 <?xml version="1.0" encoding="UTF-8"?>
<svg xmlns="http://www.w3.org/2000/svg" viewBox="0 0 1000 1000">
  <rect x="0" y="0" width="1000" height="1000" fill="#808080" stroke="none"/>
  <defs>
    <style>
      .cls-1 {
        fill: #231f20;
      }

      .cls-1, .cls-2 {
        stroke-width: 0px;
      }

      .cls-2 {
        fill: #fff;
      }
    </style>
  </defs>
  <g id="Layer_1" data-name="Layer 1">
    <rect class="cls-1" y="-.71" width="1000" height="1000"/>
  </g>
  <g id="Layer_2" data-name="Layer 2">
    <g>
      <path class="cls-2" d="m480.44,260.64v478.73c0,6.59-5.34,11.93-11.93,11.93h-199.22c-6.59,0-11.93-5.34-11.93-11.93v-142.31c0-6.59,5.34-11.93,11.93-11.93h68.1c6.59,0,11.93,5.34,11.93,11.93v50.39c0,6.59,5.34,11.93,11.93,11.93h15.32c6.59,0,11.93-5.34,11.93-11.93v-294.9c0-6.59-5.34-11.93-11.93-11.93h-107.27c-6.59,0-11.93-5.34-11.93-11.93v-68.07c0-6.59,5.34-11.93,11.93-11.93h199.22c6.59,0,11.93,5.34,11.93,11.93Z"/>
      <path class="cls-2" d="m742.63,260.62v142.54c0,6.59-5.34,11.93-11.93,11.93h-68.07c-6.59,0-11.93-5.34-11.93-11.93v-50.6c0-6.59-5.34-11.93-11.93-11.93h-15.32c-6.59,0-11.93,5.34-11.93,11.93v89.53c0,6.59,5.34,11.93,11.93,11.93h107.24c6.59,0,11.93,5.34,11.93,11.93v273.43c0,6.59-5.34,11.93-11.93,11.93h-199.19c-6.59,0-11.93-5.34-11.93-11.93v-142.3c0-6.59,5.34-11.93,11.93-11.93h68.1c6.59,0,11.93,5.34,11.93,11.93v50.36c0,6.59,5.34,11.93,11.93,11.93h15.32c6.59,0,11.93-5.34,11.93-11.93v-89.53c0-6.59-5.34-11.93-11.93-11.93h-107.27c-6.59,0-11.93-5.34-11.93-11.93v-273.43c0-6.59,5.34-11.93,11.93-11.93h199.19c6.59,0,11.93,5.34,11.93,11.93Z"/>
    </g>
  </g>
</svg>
...
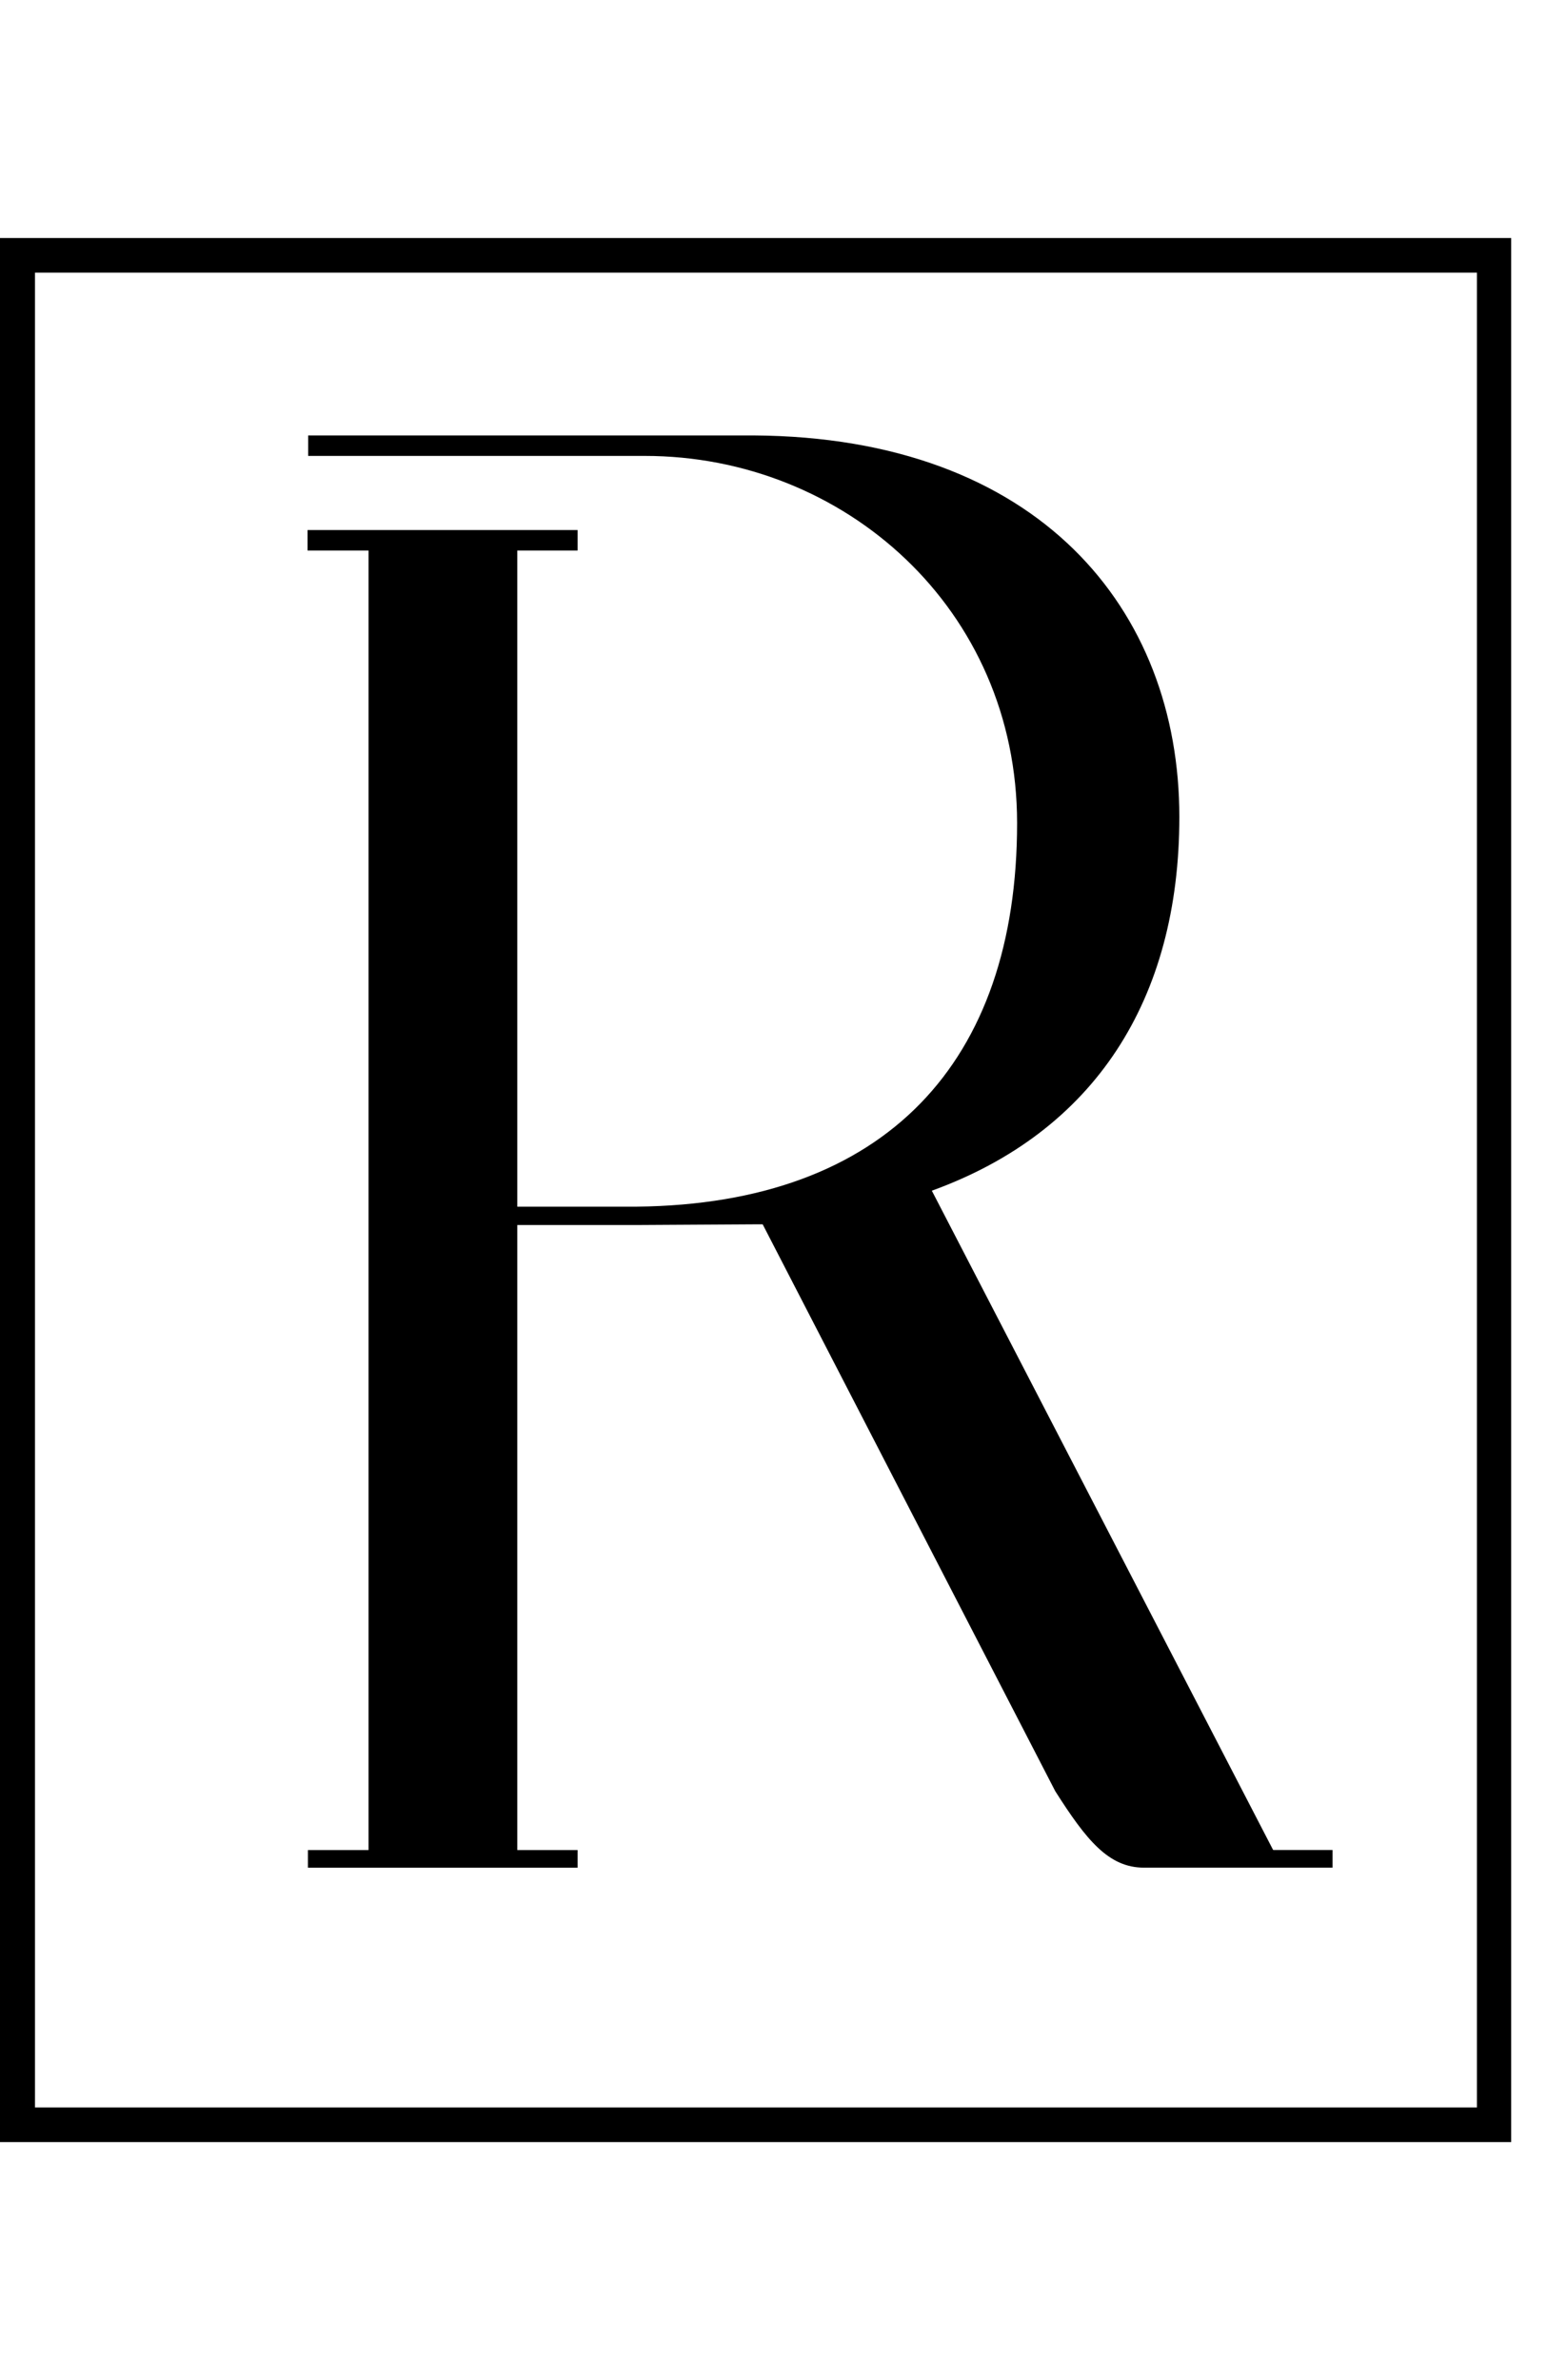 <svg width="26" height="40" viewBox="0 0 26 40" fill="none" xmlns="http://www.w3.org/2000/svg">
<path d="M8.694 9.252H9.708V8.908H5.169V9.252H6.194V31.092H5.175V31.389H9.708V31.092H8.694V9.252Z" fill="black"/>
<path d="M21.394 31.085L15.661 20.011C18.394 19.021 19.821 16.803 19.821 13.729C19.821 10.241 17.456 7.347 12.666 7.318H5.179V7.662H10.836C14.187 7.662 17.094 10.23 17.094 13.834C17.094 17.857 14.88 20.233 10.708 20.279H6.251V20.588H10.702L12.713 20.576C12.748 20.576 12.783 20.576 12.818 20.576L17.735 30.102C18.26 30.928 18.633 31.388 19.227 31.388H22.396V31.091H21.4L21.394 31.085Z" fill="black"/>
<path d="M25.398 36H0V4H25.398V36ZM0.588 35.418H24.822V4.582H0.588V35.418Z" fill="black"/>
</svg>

*REQUIREMENT*: Across the records above, return every line that contains the word "data".

*FINAL ANSWER*:
  <g id="Layer_1" data-name="Layer 1">
  <g id="Layer_2" data-name="Layer 2">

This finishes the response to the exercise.